Ukrainian pianist Nikita Burzanitsa wins Newbury Spring Festival’s prestigious 2025 Sheepdrove Piano Competition
Ukrainian pianist Nikita Burzanitsa, a student at the Royal College of Music, has been awarded First Prize in the 2025 Newbury Spring Festival Sheepdrove Piano Competition.
The competition, held at the Sheepdrove Eco Centre in Lambourn and generously supported by the Sheepdrove Trust, concluded with a public final on Sunday (May 18).
Burzanitsa was awarded the top prize of £3,000 and was also the recipient of the Audience Prize, worth £250, donated by an anonymous donor. As part of his prize, Burzanitsa performed a public recital at the Corn Exchange, Newbury on Monday 19 May, one of the Festival’s prestigious Young Artists Lunchtime Recital Series.
Second Prize (£1,500), donated by Greenham Trust, was awarded to Chinese pianist Yuxin Pu, a student at the Royal Northern College of Music.
Third Prize (£750), supported by the Friends of Newbury Spring Festival, went to Italian pianist Thomas Masciaga from Guildhall School of Music and Drama. Fourth Prize (£500), supported by an anonymous donor, was awarded to Uzbek pianist Alina Pritulenko from Trinity Laban Conservatoire.

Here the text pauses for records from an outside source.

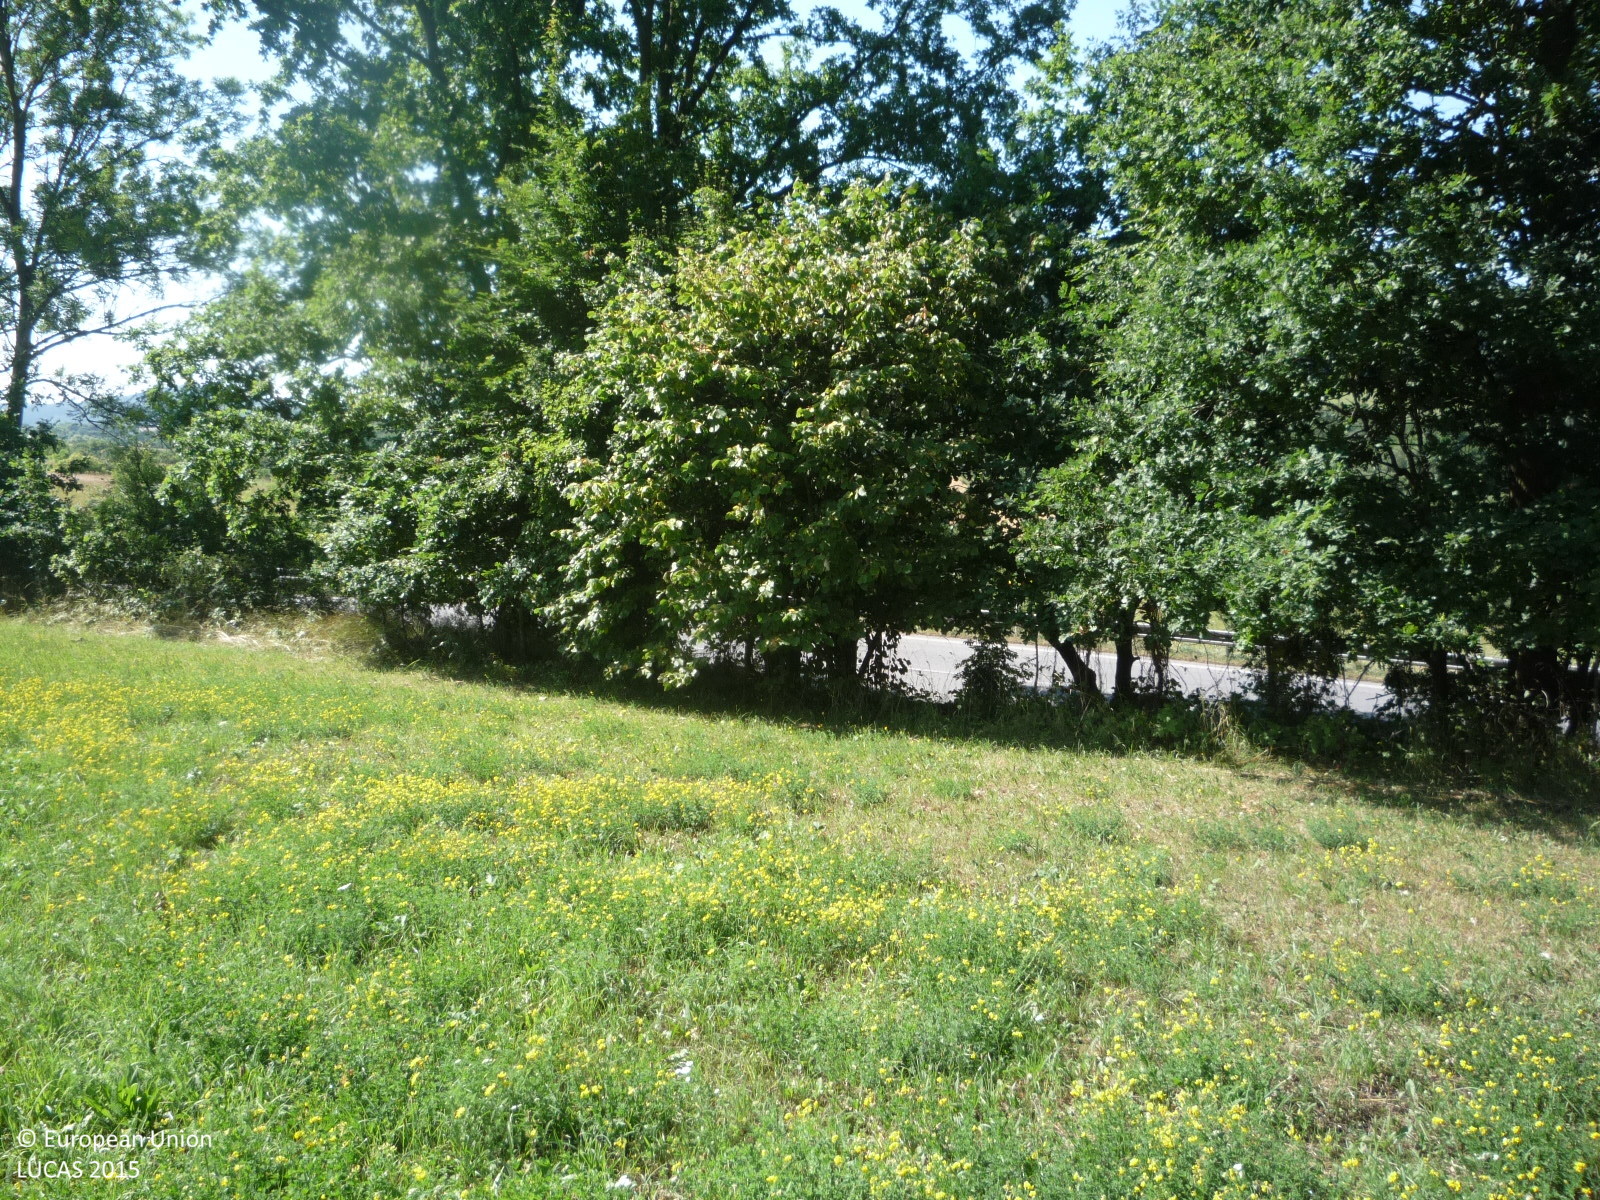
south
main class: Grassland
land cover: Grassland without tree/shrub cover
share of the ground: > 75 %
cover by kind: herbaceous plants 100 %
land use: Agriculture (excluding fallow land and kitchen gardens)
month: July
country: CZ
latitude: 50.5324
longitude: 15.2375

Both Pritulenko and Masciaga also received £300 Robert Turnbull Piano Foundation prizes.
This year’s judges were: Rupert Christiansen (music critic and writer, and Director, Robert Turnbull Piano Foundation), Mark Eynon (director, Newbury Spring Festival), Mikhail Kazakevich (Russian pianist and Professor of Piano, Trinity Laban Conservatoire of Music & Dance), Lucy Parham, (British concert pianist and Professor of Piano at Guildhall School of Music and Drama), Elena Vorotko (artistic director, The Keyboard Charitable Trust) and David Whelton (artistic director of Klosters Festival, Switzerland and former managing director of Philharmonia Orchestra.)

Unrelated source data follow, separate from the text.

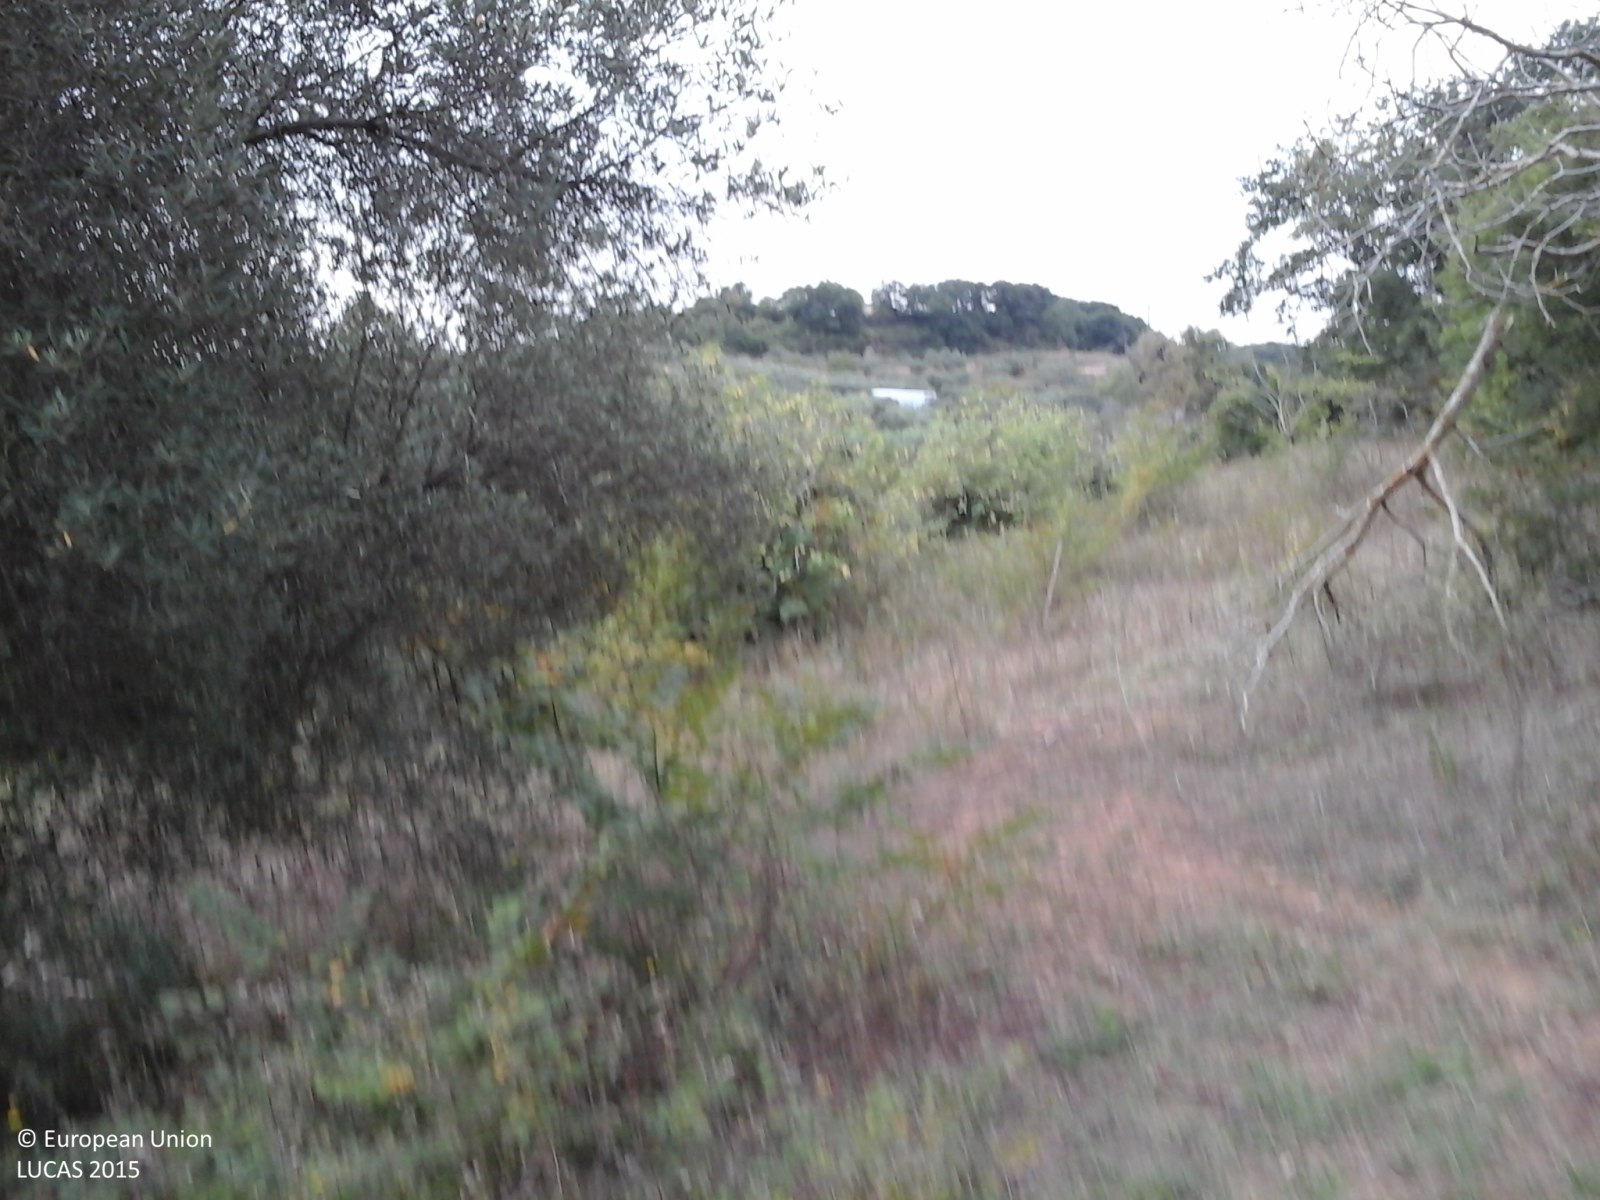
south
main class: Cropland
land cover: Apple fruit
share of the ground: > 75 %
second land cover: Spontaneously vegetated surfaces
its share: > 75 %
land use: Agriculture (excluding fallow land and kitchen gardens)
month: September
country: IT
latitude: 41.8520
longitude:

Nikita Burzanitsa was born into a family of musicians in Donetsk, Ukraine, and began playing the piano at the age of seven under Professor Nataliya Chesnokova. In 2008, he enrolled at the Special Music School for Gifted Children in Donetsk. He later graduated from secondary school in Toretsk, Ukraine, receiving the gold medal ‘For High Academic Success’ in 2015. That same year, he was awarded a full scholarship to study at Wells Cathedral School in Somerset, UK, under John Byrne.
His musical education continued with a full scholarship to Donetsk State Conservatory in 2017, and later at the Royal College of Music in London, where he currently studies with Professor Dmitri Alexeev. Nikita has also held multiple prestigious scholarships and awards, including the Milstein Medal Award, the Associated Board of the Royal Schools of Music Overseas Postgraduate Scholarship, the Piano Charitable Trust Scholarship, and the Drake Calleja Trust Scholarship.
In 2023, he was awarded a full scholarship to continue his studies on the Artist Diploma programme at the Royal College of Music.
Throughout his training, Burzanitsa has participated in international festivals and competitions, performing widely across Europe and Central Asia. He has given solo recitals in Ukraine, Russia, Poland, Kazakhstan, France, Belgium, Italy, and the UK, and has performed as a soloist with orchestras under notable conductors including Nikolay Dyadura, Vladimir Sirenko, Natalia Ponomarchuk, and Roman Moiseev.
The Sheepdrove Piano Competition was established in 2009 by the Sheepdrove Trust and is open to pianists aged 26 and under from the UK’s leading music colleges. The competition offers a rare opportunity for young musicians to perform in a nurturing and inspiring rural environment. It forms a vital part of the Newbury Spring Festival’s commitment to supporting young artists.